Сама процедура ПЦР заключается в следующем. Прежде всего, ДНК денатурируют, нагревая ее до 98°С. При этом две цепи ДНК, относительно слабо связанные между собой, разделяются друг от друга. Далее в ход идут так называемые затравки (праймеры) — короткие однонитевые фрагменты ДНК, которые комплементарны краям того участка генома, который собираются размножать (амплифицировать). Эти затравки гибридизуются с комплементарными участками однонитевых молекул ДНК, после чего специальный фермент (ДНК-полимераза) удлинняет затравки, строя молекулу ДНК по матрице (цикл 1). Затем продукты реакции вновь денатурируют и процедуру повторяют необходимое число раз. За 20–30 циклов из одной молекулы можно получить миллионы копий ДНК. Этот процесс подобен цепной ядерной реакции, но осуществляется в пробирке с помощью специального фермента — термостабильной ДНК-полимеразы.

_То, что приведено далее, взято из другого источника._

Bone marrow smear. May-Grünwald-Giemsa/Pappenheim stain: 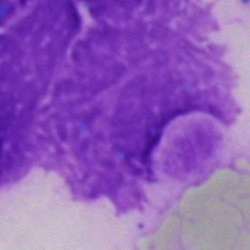Cell type: artifact.

По этой причине он и получил название полимеразной цепной реакции.

Рис. 14. Схема протекания полимеразной цепной реакции (ПЦР).

Длительное время искали эффективные методы, позволяющие определять последовательность нуклеотидов в длинных молекулах ДНК (такое определение нуклеотидной последовательности получило название секвенирование, от анг. sequence — последовательность). Только в середине 70-х годов секвенирование протяженных участков ДНК стало возможным. Связано это было с изобретением принципиально новых подходов. В 1976 г. А. Максамом и У. Гилбертом был разработан метод прямого секвенирования, основанный на химической деградации ДНК. В данном случае осуществляется специфическая химическая фрагментация длинной цепи ДНК (полинуклеотида), радиоактивно меченной с одного конца. Затем препарат меченой ДНК разделяют на четыре порции и каждую из них обрабатывают реагентом, модифицирующим одно или два из четырех оснований, содержащихся в ней. После разделения в специальном геле меченых фрагментов по размерам (с помощью электрофореза) на рентгеновских пленках смотрят, что при этом происходит с нуклеотидной последовательностью, и на основании этого делают вывод о порядке расположения нуклеотидов друг за другом в каждом фрагменте ДНК. Однако метод оказался довольно сложным. В становлении этого метода на его начальных этапах существенную роль сыграл российский ученый академик А. Д. Мирзабеков, работавший в лаборатории У. Гилберта.